→ Exercise objective
Transcription task. Write out each entry verbatim and exclude any image.

[[ Data open ]]

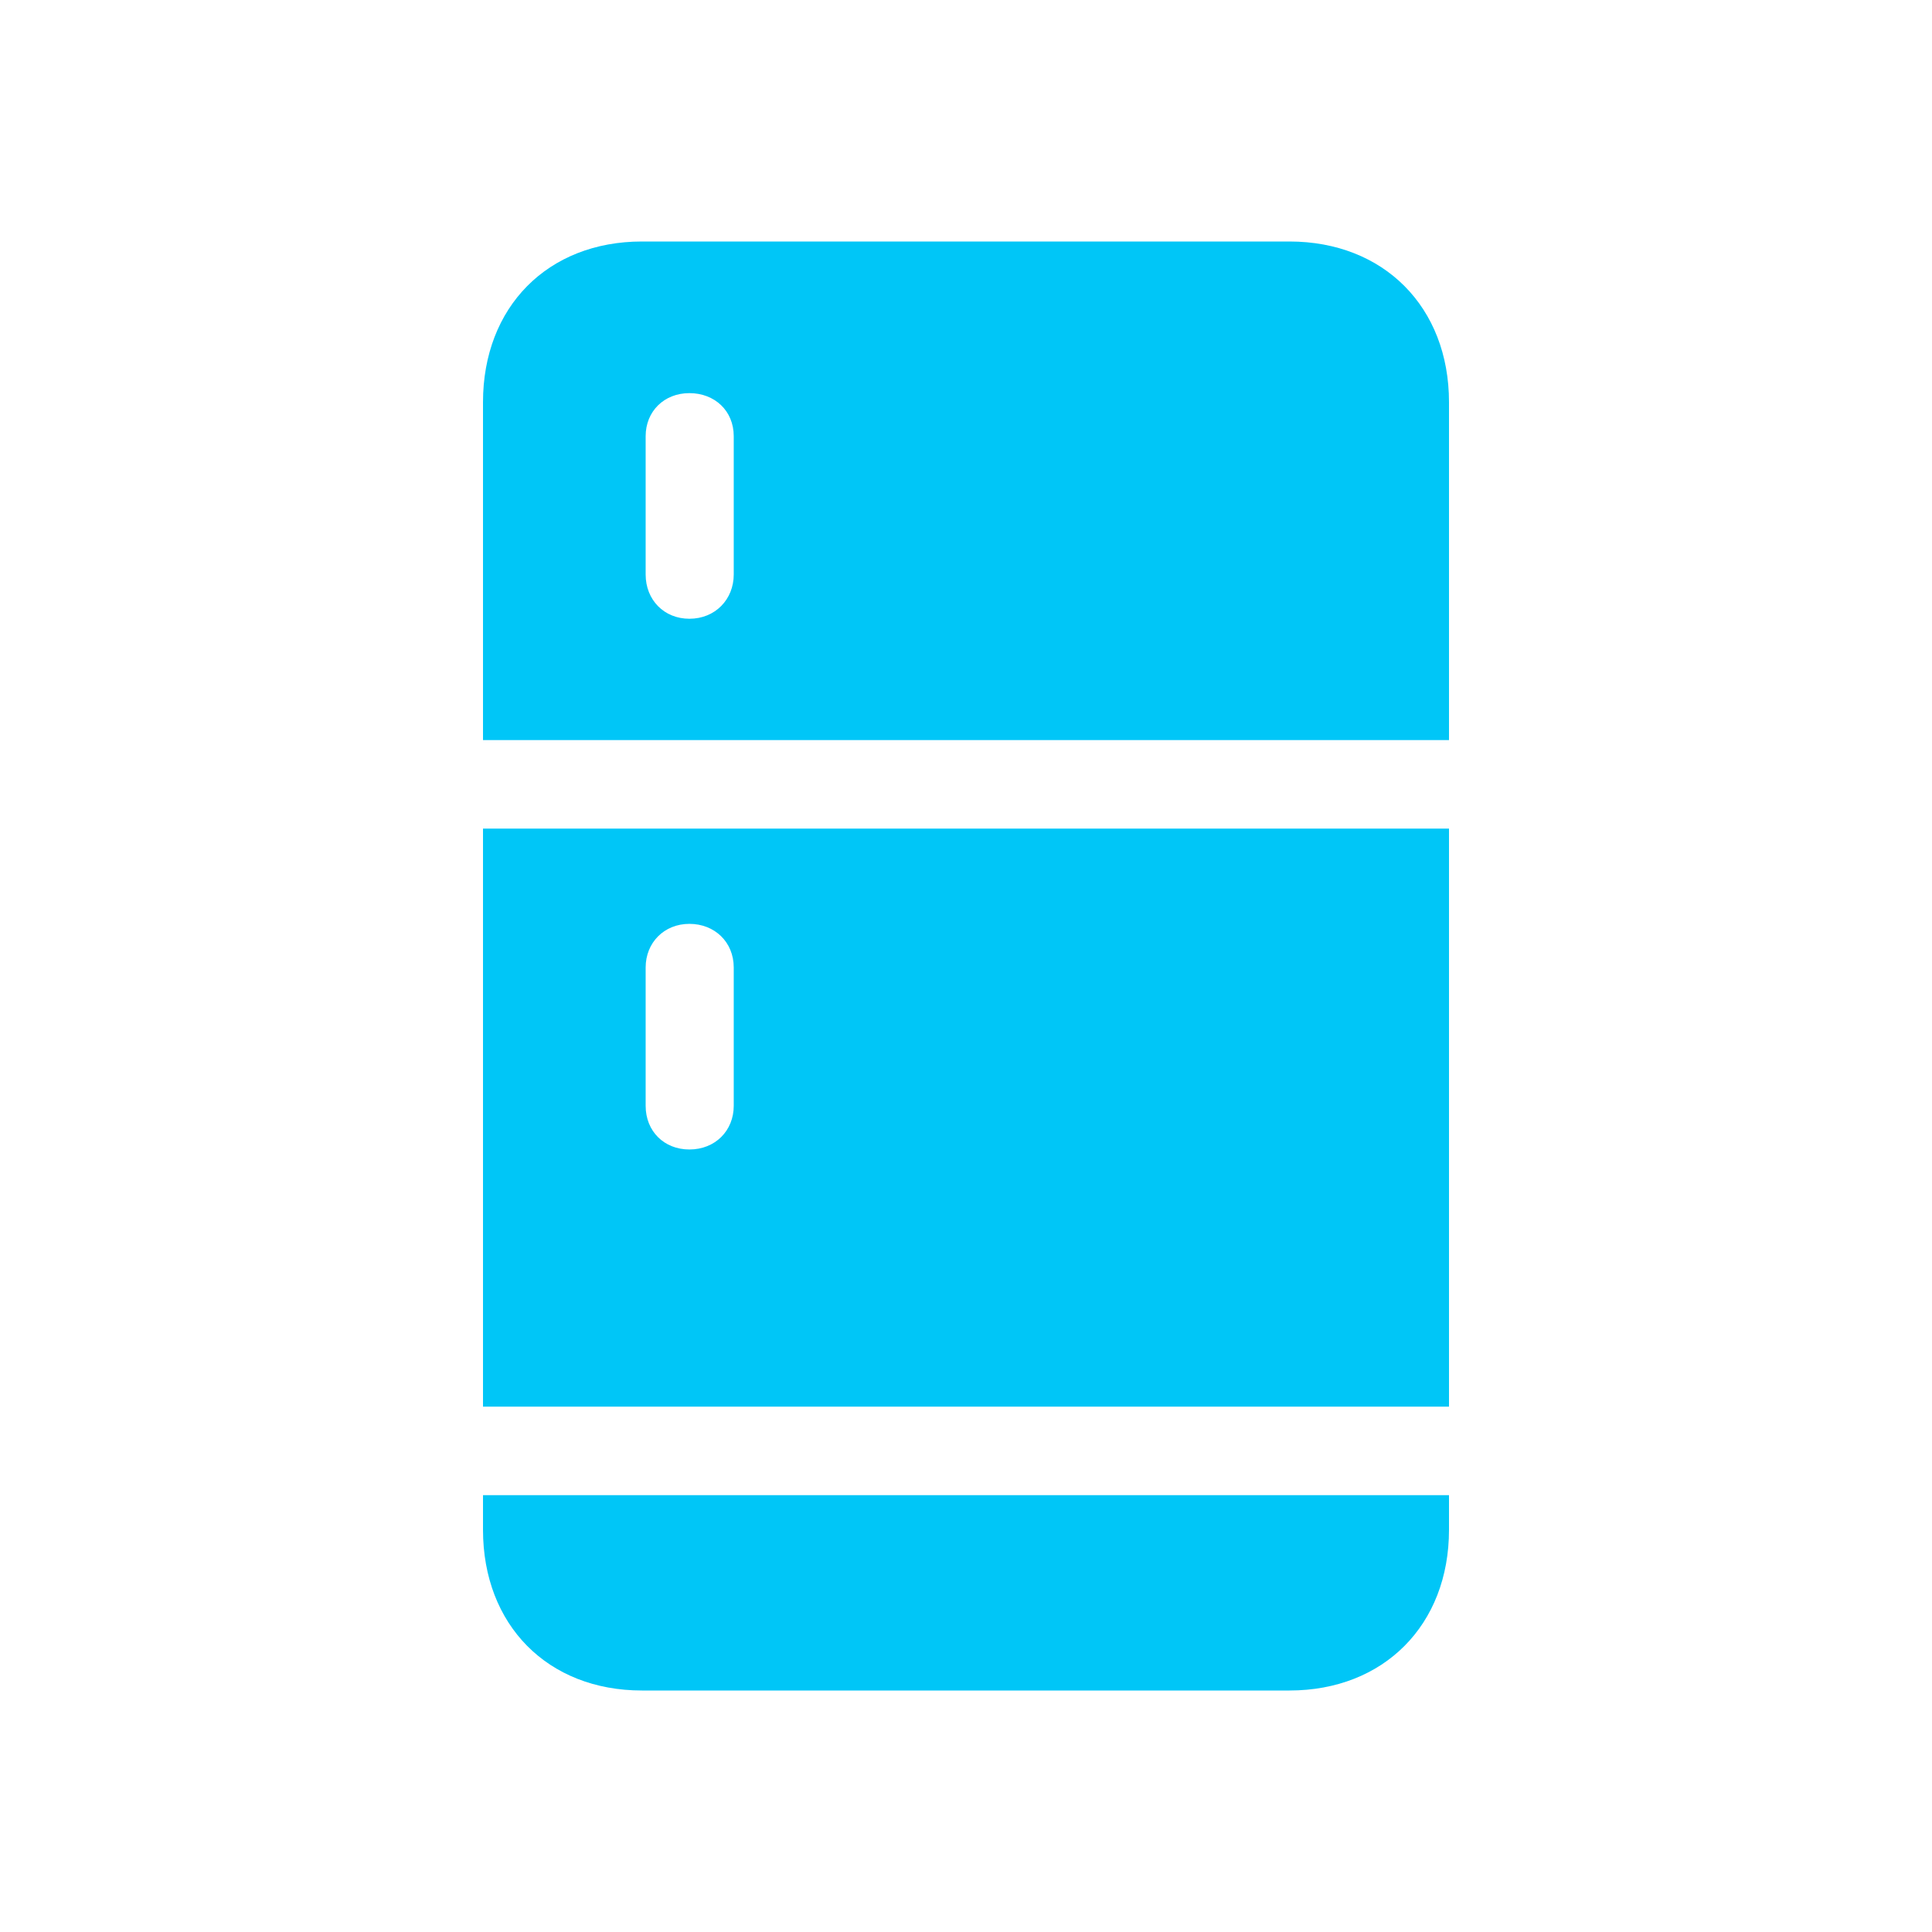 <?xml version="1.0" encoding="UTF-8"?>
<svg width="64px" height="64px" viewBox="0 0 64 64" version="1.1" xmlns="http://www.w3.org/2000/svg" xmlns:xlink="http://www.w3.org/1999/xlink">
    <title>Best Buy Guide/List Item/Icons/Fridges</title>
    <g id="Best-Buy-Guide/List-Item/Icons/Fridges" stroke="none" stroke-width="1" fill="none" fill-rule="evenodd">
        <path d="M16,24.516 L48,24.516 L48,13.324 C48,10.17 45.837,8 42.714,8 L21.265,8 C18.143,8 16,10.17 16,13.324 L16,24.516 Z M22.837,20.497 C22,20.497 21.388,19.874 21.388,19.031 L21.388,14.45 C21.388,13.626 22,13.023 22.837,13.023 C23.673,13.023 24.306,13.606 24.306,14.45 L24.306,19.031 C24.306,19.854 23.694,20.497 22.837,20.497 Z M16,46.597 L48,46.597 L48,27.449 L16,27.449 L16,46.597 Z M22.837,38.078 C22,38.078 21.388,37.475 21.388,36.631 L21.388,32.05 C21.388,31.226 22,30.604 22.837,30.604 C23.673,30.604 24.306,31.206 24.306,32.05 L24.306,36.631 C24.306,37.455 23.694,38.078 22.837,38.078 Z M16,49.53 L16,50.676 C16,53.83 18.143,56 21.265,56 L42.714,56 C45.837,56 48,53.83 48,50.676 L48,49.53 L16,49.53 Z" id="Shape" fill="#00C6F7" fill-rule="nonzero"></path>
    </g>
</svg>

[[ Data closed ]]

→ Solution to the problem
 <?xml version="1.0" encoding="UTF-8"?>
<svg width="64px" height="64px" viewBox="0 0 64 64" version="1.1" xmlns="http://www.w3.org/2000/svg" xmlns:xlink="http://www.w3.org/1999/xlink">
    <title>Best Buy Guide/List Item/Icons/Fridges</title>
    <g id="Best-Buy-Guide/List-Item/Icons/Fridges" stroke="none" stroke-width="1" fill="none" fill-rule="evenodd">
        <path d="M16,24.516 L48,24.516 L48,13.324 C48,10.17 45.837,8 42.714,8 L21.265,8 C18.143,8 16,10.17 16,13.324 L16,24.516 Z M22.837,20.497 C22,20.497 21.388,19.874 21.388,19.031 L21.388,14.45 C21.388,13.626 22,13.023 22.837,13.023 C23.673,13.023 24.306,13.606 24.306,14.45 L24.306,19.031 C24.306,19.854 23.694,20.497 22.837,20.497 Z M16,46.597 L48,46.597 L48,27.449 L16,27.449 L16,46.597 Z M22.837,38.078 C22,38.078 21.388,37.475 21.388,36.631 L21.388,32.05 C21.388,31.226 22,30.604 22.837,30.604 C23.673,30.604 24.306,31.206 24.306,32.05 L24.306,36.631 C24.306,37.455 23.694,38.078 22.837,38.078 Z M16,49.53 L16,50.676 C16,53.83 18.143,56 21.265,56 L42.714,56 C45.837,56 48,53.83 48,50.676 L48,49.53 L16,49.53 Z" id="Shape" fill="#00C6F7" fill-rule="nonzero"></path>
    </g>
</svg>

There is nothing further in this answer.